Die Motivation ist spürbar und ein ausserordentlich gutes Arbeitsklima gehört hier zum Alltag! Es ist eine wahre Freude hinter die Kulissen zu blicken und auch, wie wir jeden Morgen voller Herzlichkeit begrüsst werden…
Chapeau an das Team und Roger, der die Arbeiter mit Geduld angelehrt und ihnen die Produktionsansprüche der Schweiz weitervermittelt hat. Das war bestimmt kein leichtes Unterfangen! Denn hier in Madagaskar sind sich die Arbeiter gewohnt, den Lohn anhand der verarbeiteten Menge zu erhalten, Qualität ist sekundär.
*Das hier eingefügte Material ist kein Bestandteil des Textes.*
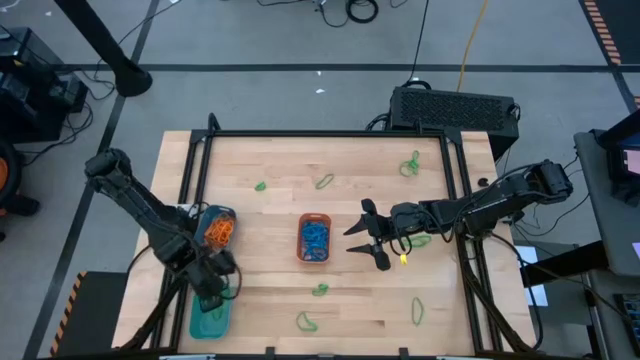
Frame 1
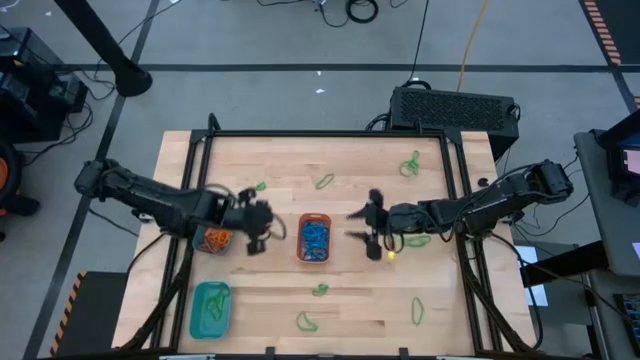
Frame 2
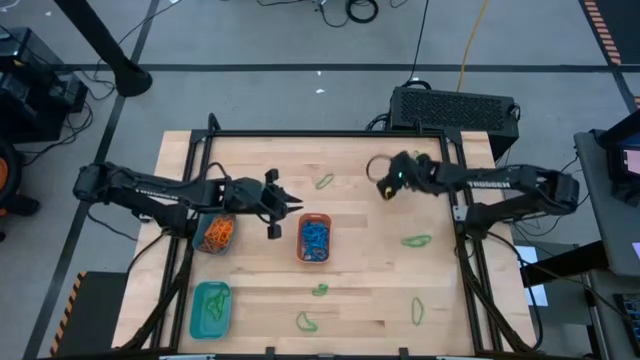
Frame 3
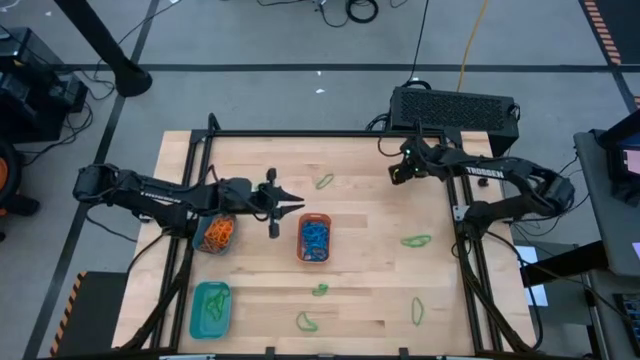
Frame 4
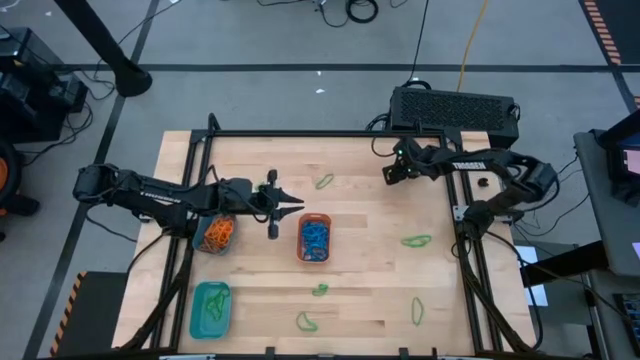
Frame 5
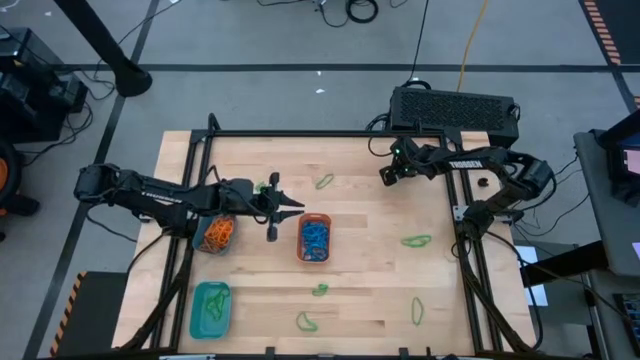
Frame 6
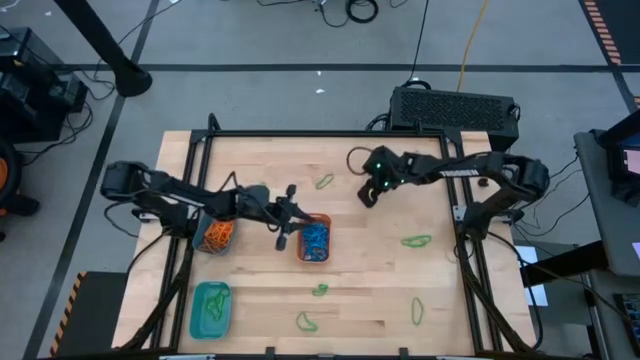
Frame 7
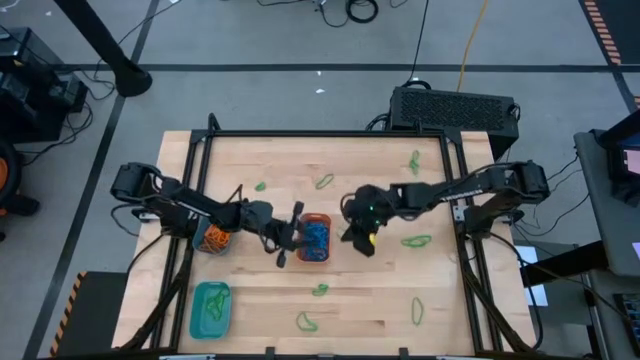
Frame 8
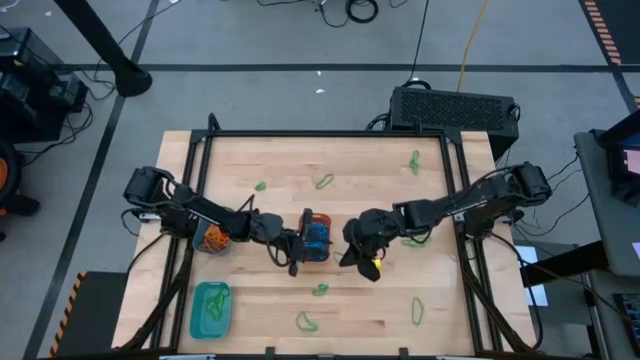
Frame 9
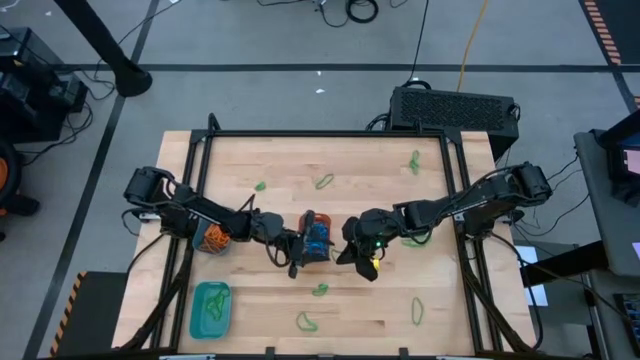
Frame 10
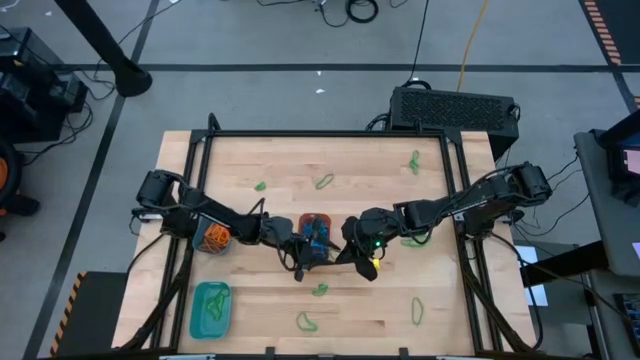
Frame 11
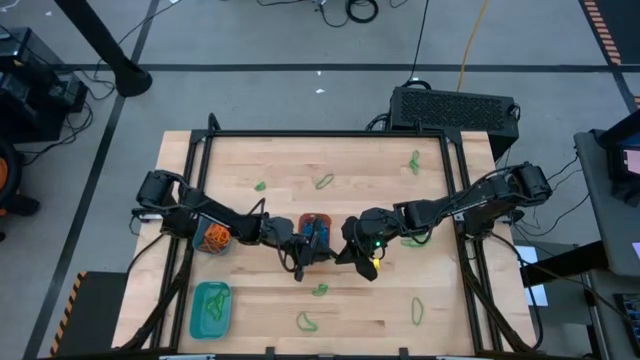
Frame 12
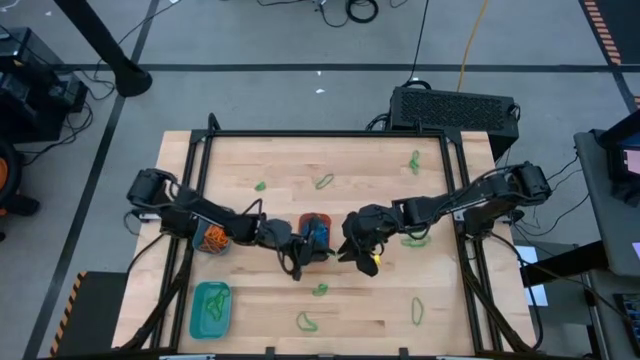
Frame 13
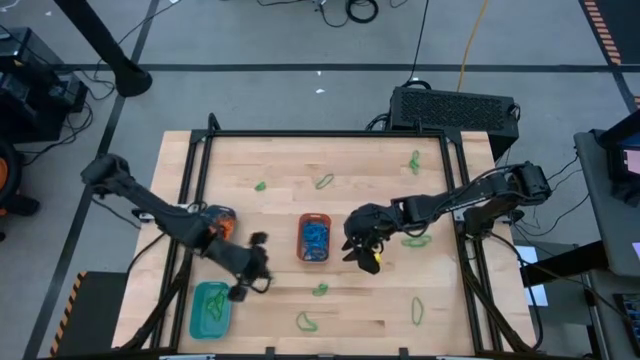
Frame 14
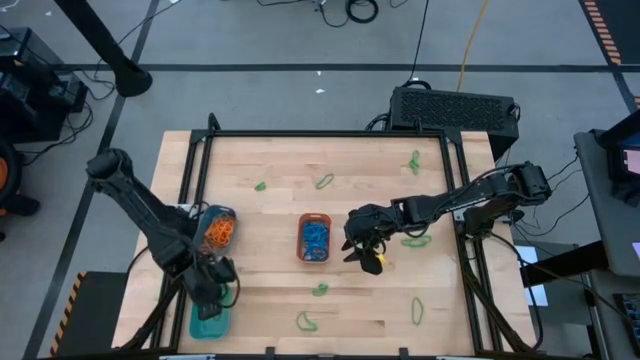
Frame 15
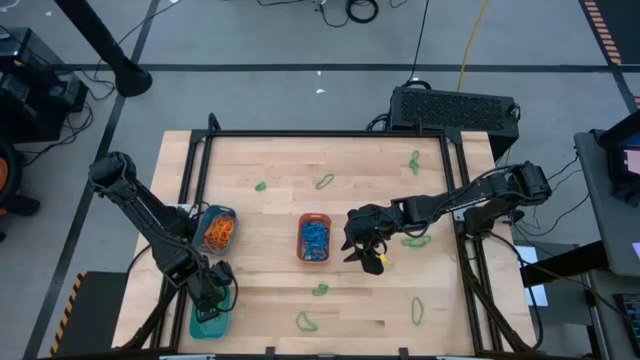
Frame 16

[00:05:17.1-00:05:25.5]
Task: Sort rubber bands into baskets
Put the green rubber band into the green bin

In der Steinschleiferei läuft es gerade umgekehrt, die Arbeiter werden für die Stunden bezahlt und die Qualität hat Priorität! Ein Umdenken, welches Zeit braucht, um verinnerlicht zu werden.
Doch wie wir festgestellt haben ist Geduld eine unumgängliche Tugend in Madagaskar, wenn man Bestand haben und dabei die Nerven behalten möchte. Auch der Humor darf dabei nicht fehlen, als Medizin für Körper, Geist und Seele!